After your system has rebooted you should be able to ssh in:

    ssh $user@your-machine-name

If you want, set up passwordless sudo by editing /etc/sudoers …

Useful for a human onboarding to homelab admin from zero. Useless for an AI agent. The agent already knows how to install Debian. What it doesn’t know is what this specific server is for, what’s already running on it, what depends on it, what’s been tried before. None of that is in the install guide.

It was also useless for me, six months later, coming back to a server I’d forgotten the details of. I’d skim the tutorial, find no answers to “what’s actually on this box”, and end up SSH-ing in to grep config files like a stranger.
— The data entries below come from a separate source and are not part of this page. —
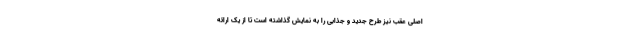
اصلی عقب نیز طرح جدید و جذابی را به نمایش گذاشته است تا از یک ارائه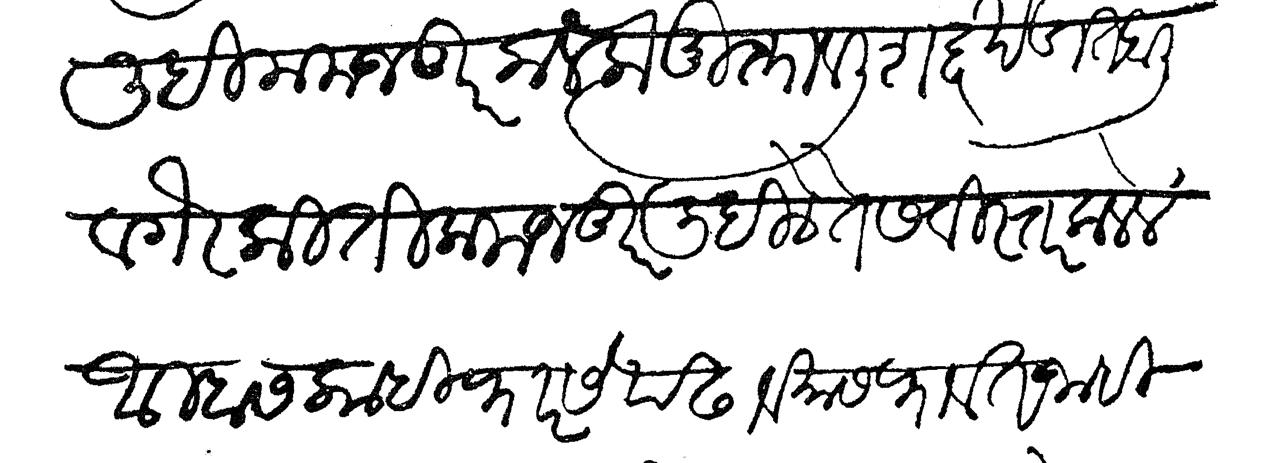
Transliteration (Devanagari): लिहिला मजकूर कळला मुक्तावली शब्द खंडीत आली वगैरे किती मजकूर लिहिले ते सविस्तर कळले आम्हास काही फारसे पढावयास फावत नाही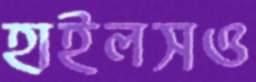
হাইলসও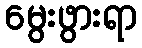
မွေးဖွားရာ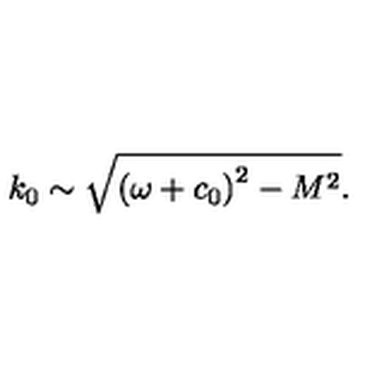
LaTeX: k _ { 0 } \sim \sqrt { \left( \omega + c _ { 0 } \right) ^ { 2 } - M ^ { 2 } } .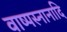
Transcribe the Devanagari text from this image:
वाष्पस्नानादि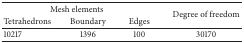
| <COLSPAN=3> Mesh elements | <ROWSPAN=2> Degree of freedom |
 | Tetrahedrons | Boundary | Edges |
 | --- | --- | --- | --- |
 | 10217 | 1396 | 100 | 30170 |

What “agent-readable docs” actually look like

Each server now has a per-server readme. Same shape every time:

# Server: homelab-ai
environment: AI workloads — local LLMs, scheduled inference jobs
hostname: homelab-ai
ip: 192.168.10.42

### Services available
| Service | Description | Port |
|---|---|---|
| Proxmox | Management UI | 8006 |
| Netdata | Monitoring agent (streams to homelab-monitor) | 19999 |

### Hardware
- cpu: Intel Core Ultra 7, 20 cores / 28 threads
- ram: 128GB DDR5
- gpu: 2x consumer GPUs, 16GB VRAM each
- disk: 1.8TB NVMe (VM storage)
- network: 2.5GbE
- ipmi: 192.168.10.99

### Storage
- data-fast: 800GB LVM-thin (VG: pve, nvme1n1p3)
- data-bulk: 1.8TB LVM-thin (VG: data-bulk, nvme0n1)

### NFS mounts
- nas-iso: 192.168.10.13:/volume1/iso
- nas-backup: 192.168.10.13:/volume2/backup

Plus an issues section with timestamped entries:

## Issues & lessons

### 2026-01-15: Fan controller requires Windows VM (resolved)
**Problem:** USB fan controller needs Windows software to enable PWM mode.
**Tried:** Linux USB control tools (don't support this device ID), IPMI raw commands (BMC-bypassed by the controller).
**Current:** 24/7 Windows VM, 25% CPU quota, USB passthrough. Works. Cosmetic only — no display, just the background service.
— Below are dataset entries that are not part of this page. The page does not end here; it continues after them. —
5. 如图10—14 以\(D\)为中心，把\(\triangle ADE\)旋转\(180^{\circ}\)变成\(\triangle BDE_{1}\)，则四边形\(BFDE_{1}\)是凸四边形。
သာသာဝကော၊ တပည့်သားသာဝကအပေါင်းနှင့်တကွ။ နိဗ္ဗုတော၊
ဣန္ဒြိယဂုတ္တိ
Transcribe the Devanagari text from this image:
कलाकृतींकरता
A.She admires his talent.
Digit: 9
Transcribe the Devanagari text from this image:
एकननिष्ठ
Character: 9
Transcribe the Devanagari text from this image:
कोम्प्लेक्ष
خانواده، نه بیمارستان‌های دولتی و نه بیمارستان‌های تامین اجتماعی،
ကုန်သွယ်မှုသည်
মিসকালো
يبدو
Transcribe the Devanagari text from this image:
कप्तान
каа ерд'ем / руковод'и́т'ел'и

No “Step 1, Step 2, click Save”. No introductory paragraphs explaining what Proxmox is. The reader is assumed technical — human or agent — and the doc cuts straight to the part only this server can tell them.
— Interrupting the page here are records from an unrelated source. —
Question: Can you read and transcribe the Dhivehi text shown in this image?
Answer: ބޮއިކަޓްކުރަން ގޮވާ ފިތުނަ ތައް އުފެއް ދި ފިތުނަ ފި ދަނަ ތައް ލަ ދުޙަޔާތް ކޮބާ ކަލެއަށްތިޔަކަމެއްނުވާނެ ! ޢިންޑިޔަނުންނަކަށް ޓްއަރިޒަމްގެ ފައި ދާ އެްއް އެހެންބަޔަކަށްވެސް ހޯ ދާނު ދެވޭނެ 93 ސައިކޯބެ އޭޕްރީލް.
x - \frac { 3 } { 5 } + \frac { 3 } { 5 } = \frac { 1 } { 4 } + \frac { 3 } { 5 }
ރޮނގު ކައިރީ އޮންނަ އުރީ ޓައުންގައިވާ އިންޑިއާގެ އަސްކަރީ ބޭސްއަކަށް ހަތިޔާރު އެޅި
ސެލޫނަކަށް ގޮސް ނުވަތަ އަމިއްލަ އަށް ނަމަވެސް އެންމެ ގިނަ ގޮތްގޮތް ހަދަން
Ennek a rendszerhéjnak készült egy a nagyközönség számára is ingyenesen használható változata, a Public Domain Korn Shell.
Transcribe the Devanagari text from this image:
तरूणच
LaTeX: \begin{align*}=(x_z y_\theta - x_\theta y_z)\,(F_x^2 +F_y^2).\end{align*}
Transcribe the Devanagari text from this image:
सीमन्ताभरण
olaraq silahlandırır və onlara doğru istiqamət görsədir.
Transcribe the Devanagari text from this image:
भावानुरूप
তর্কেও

Two principles, in real markdown

The principles I mentioned in post 2 fall out of this shape concretely:

Don’t store what can be generated. No apt list installed output. No directory trees. No package version dumps. If ssh in && run a command will tell you the truth, don’t write down the truth — keep the doc small enough to stay accurate.

Write for an engineer. No we leverage modern container orchestration to deliver scalable workloads. No Docker is a tool that allows you to…. If the reader doesn’t know what Docker is, they’re not the audience. The doc gives the reader the part they couldn’t have inferred — what’s running here, why, with what dependencies.

What this changes when an agent picks up a task

Before, the agent ran into a Step 1 and started executing. That worked when the situation matched the tutorial; it failed silently when the situation diverged.

Now, the agent picks up the per-server readme first. Reads what the server is, what’s running, what’s broken, what’s been tried. Then — and only then — does it form a plan for the task it was actually given.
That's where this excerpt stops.